If you maintain one of these resources: we cite and link to you, we don't re-host or replace you, and we would genuinely welcome your corrections at info@theprovenanceproject.com.
Method
Most databases store facts and overwrite conflicts. Provenance can't work that way — the historical record is full of deliberate lies, gaps, and disagreements. So the graph stores claims: each one carries the document it came from, a confidence score, and a citation back to the scan. Competing claims coexist. Identities are never hard-merged; "this is the same object as that" is itself a scored, reversible edge. A false merge would manufacture a false lead — the discipline that prevents it is what separates a research tool from a generator of plausible fiction.
Graph analytics do the heavy lifting that no reader could: collective entity resolution that links the same painting across archives despite different titles, languages, and inventory numbers; custody-gap detection — every work documented as seized with no documented return; laundering-motif matching borrowed from anti-money-laundering analysis and pointed at the 1940s art market; and dealer-network centrality, which doubles as a map of which archive to digitise next. Read the full methodology →
Worked example · verified against the primary source
The French state holds La rue Saint-Rustique à Montmartre, a Maurice Utrillo street scene, in trust as an MNR work — recovered to France after the war, its pre-war history never fully established. The official record jumps from Paris to a Cologne art society in January 1944 with no explanation of how the painting entered Germany.
Cross-referencing the Getty Provenance Index against that gap, the engine found the painting offered for sale at Commeter, Hamburg, on 20 November 1937 (lot 288, consignor withheld), and again a year later. To check the match, we pulled plate I of the digitised 1937 catalogue from Heidelberg University's IIIF service: it is captioned "M. Utrillo. Nr. 288" and matches the museum's own photograph of the painting element for element — the buildings, the figures, the signature placement.
That auction appearance is a concrete, previously unconnected step toward the painting's wartime path — sourced entirely to public records, and checkable by anyone. It is presented as a documented lead, not a conclusion: who consigned it, and how it reached Cologne, remain open.
Private collection, Paris — to 1937. Held today at the Centre Pompidou.
Commeter, Hamburg, 1937 & 1938 — "aus Privatbesitz". Getty PI record + Heidelberg catalogue plate.
Cologne, 1944 → repatriated to France, 1949 → assigned MNR custody.
The graph is built from openly-licensed records — bulk datasets and public APIs, no scraping behind logins.
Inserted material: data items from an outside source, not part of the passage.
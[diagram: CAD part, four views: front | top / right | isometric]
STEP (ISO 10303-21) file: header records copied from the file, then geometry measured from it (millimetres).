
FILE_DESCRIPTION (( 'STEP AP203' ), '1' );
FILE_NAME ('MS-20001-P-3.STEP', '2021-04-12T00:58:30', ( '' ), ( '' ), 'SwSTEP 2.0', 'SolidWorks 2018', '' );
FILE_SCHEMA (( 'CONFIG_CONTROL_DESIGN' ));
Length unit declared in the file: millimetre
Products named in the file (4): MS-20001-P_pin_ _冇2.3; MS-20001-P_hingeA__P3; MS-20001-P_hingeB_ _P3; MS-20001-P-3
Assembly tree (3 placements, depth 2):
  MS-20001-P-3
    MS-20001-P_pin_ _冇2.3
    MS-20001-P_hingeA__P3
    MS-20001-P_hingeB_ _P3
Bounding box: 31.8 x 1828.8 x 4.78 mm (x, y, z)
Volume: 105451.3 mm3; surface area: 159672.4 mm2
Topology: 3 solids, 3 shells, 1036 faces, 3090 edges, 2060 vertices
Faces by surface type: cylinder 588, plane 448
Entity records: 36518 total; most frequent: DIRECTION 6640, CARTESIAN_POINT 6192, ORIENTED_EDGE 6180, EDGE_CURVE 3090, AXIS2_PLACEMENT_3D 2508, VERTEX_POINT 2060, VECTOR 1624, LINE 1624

Today it spans more than 3.5 million records across eleven sources, and now joins the three sides of the problem: the loss (Nazi seizure records), the market (wartime sales), and the present day (museum collections).
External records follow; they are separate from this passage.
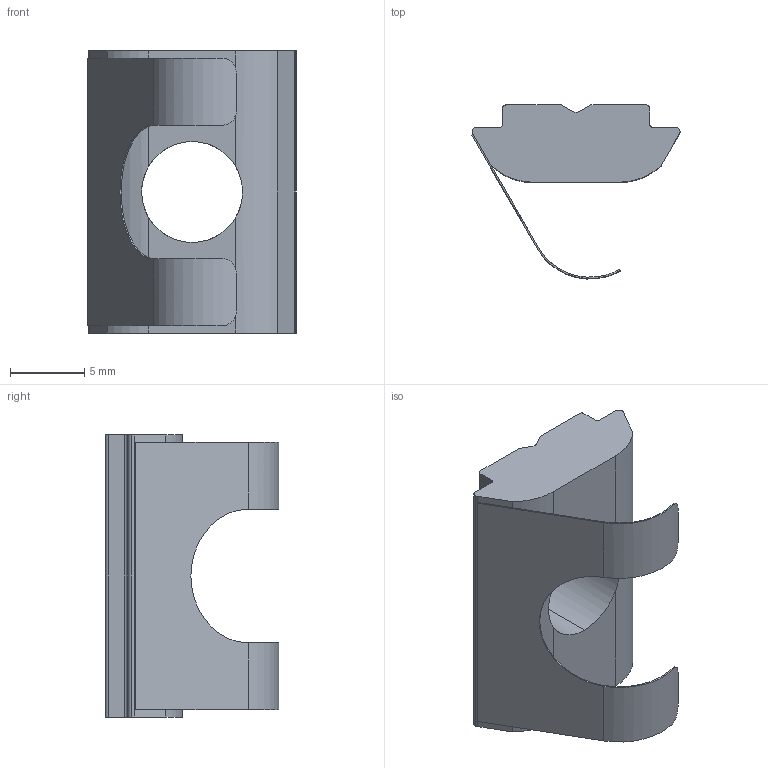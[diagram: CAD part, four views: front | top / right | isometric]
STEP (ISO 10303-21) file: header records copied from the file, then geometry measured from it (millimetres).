
FILE_DESCRIPTION (( 'STEP AP214' ), '1' );
FILE_NAME ('096168f.STEP', '2012-02-22T08:52:27', ( 'de01pc046' ), ( 'Fath GmbH' ), 'SwSTEP 2.0', 'SolidWorks 2011', '' );
FILE_SCHEMA (( 'AUTOMOTIVE_DESIGN' ));
Length unit declared in the file: millimetre
Products named in the file (1): 096168f
Bounding box: 14.02 x 11.69 x 19 mm (x, y, z)
Volume: 943.6 mm3; surface area: 1095.7 mm2
Topology: 1 solids, 1 shells, 49 faces, 143 edges, 94 vertices
Faces by surface type: plane 26, cylinder 23
Entity records: 1765 total; most frequent: CARTESIAN_POINT 417, ORIENTED_EDGE 286, DIRECTION 259, EDGE_CURVE 143, VERTEX_POINT 94, AXIS2_PLACEMENT_3D 88, VECTOR 83, LINE 83

| Source | What it provides | Access |
|---|---|---|
| ERR / Jeu de Paume (JDCRP) | The loss side — 36,585 objects looted by the Einsatzstab Reichsleiter Rosenberg, each with the despoiled owner, ERR code, and often the Nazis' own photograph | open API |
| Getty Provenance Index | 1.8M art-market sale records, incl. the German-speaking market 1900–1945 | CC0 |
| French MNR / Rose Valland (POP) | 2,456 never-restituted works recovered to France | open |
| Joconde (musées de France) | French national museums; former-ownership data on hundreds of thousands of objects | open |
| National Gallery of Art, DC | Paintings with full published provenance and IIIF images | CC0 |
| Cleveland Museum of Art | Paintings with published provenance and open-access images | CC0 |
| Art Institute of Chicago | Works including published provenance narratives | CC0 |
| The Met | Works with credit-line and accession data | CC0 |
| Wikidata | ~70k paintings as a cross-archive identity hub | CC0 |
Plus the Getty Knoedler and Goupil dealer stock books and the U.S. NEPIP provenance index. Next, through partnership and public archives: U.S. National Archives recovery records (Munich Central Collecting Point property cards, ALIU reports), the German Lost Art Foundation registry, and the Dutch NK / Origins-Unknown restitution collection.
Early results, stated carefully.
Every published claim is reproducible from its cited sources. Identities are never silently merged. Contradictions are shown, not hidden. Calibrated language throughout: "offered at auction in 1937" is a fact with a scan behind it; "looted" is a legal conclusion we do not draw.
A name in a provenance line is a research signal, not proof of wrongdoing — many dealers were legitimate, and the despoiled were victims. AI extraction and matching make errors; that is why sources are always shown and people make the final call. We do not speculate about present-day private owners.